--- START ---

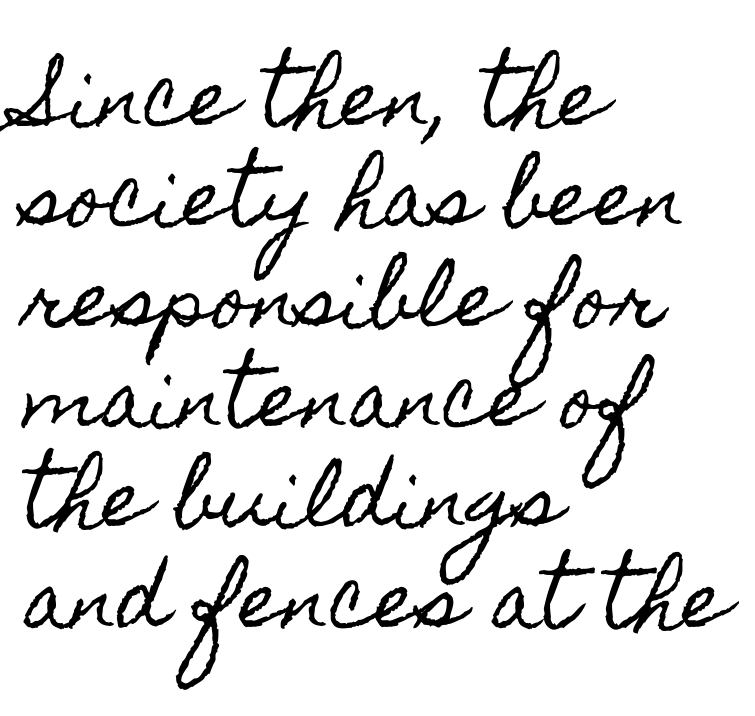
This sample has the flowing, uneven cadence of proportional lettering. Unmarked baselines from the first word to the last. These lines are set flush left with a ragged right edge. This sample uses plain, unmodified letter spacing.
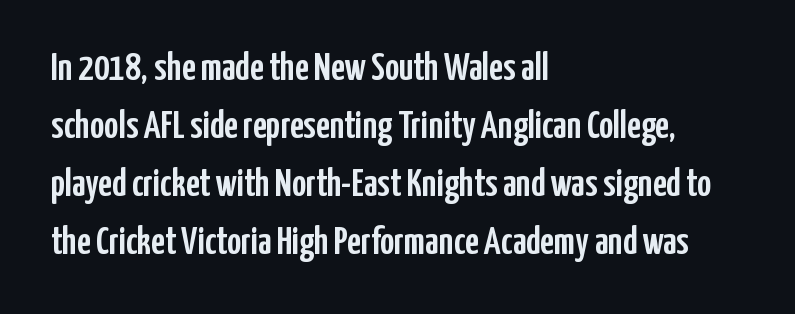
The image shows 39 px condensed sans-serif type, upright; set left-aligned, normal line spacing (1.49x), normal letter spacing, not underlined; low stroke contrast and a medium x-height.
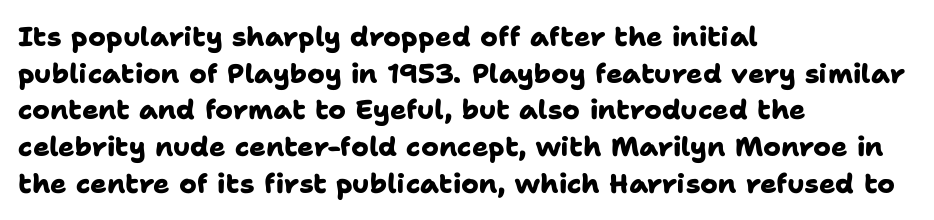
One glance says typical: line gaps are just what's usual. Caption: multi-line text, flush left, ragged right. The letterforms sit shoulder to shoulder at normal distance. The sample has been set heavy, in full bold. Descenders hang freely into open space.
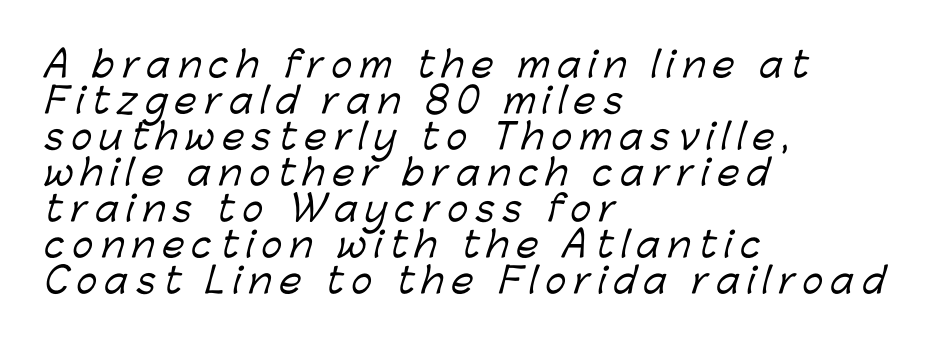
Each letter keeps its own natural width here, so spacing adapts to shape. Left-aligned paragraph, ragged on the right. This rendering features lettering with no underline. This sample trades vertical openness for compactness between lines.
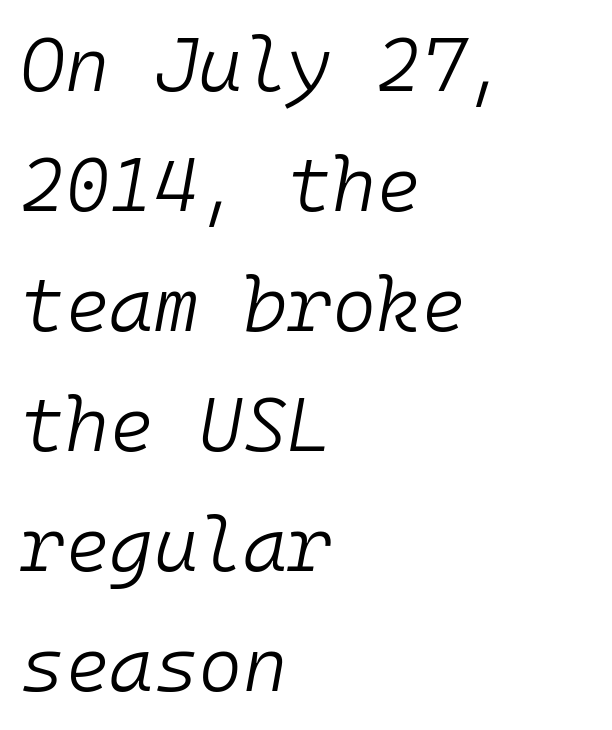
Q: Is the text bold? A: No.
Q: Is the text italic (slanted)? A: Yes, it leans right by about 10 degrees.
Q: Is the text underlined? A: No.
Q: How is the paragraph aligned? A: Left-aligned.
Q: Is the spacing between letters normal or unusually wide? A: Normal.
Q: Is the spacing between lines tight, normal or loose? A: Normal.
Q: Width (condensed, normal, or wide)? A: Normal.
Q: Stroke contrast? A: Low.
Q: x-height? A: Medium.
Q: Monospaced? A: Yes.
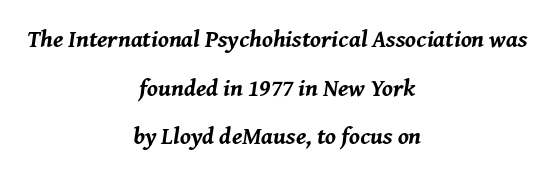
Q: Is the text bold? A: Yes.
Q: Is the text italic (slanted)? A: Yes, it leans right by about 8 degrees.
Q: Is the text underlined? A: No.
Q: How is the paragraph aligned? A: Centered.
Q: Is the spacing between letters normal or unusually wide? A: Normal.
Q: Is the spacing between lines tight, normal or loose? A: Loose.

--- END ---
--- START ---

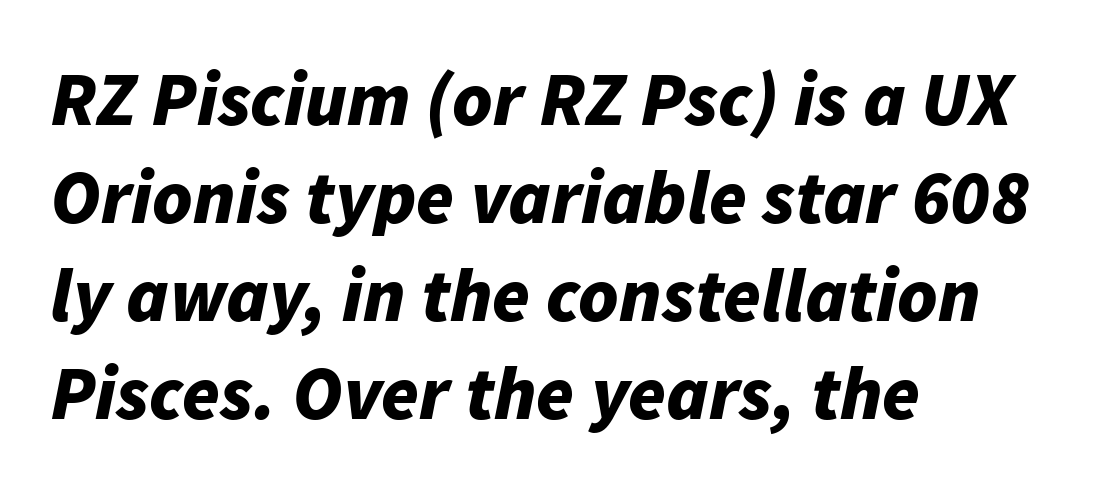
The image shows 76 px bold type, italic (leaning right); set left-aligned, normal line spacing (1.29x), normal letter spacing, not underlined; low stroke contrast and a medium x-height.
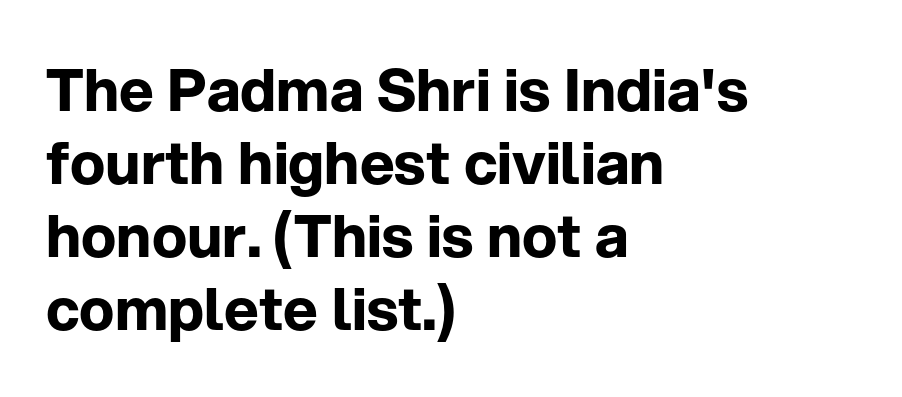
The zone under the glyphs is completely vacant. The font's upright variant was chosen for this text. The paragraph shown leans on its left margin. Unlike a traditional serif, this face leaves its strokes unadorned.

--- END ---

§ What you will do
In the listing above, find the line with "Q: How is the paragraph aligned? A: Centered." and the line with "loose? A: Loose.". Output those two lines and every line between them, exactly as written.

§ Finished exercise
Q: How is the paragraph aligned? A: Centered.
Q: Is the spacing between letters normal or unusually wide? A: Normal.
Q: Is the spacing between lines tight, normal or loose? A: Loose.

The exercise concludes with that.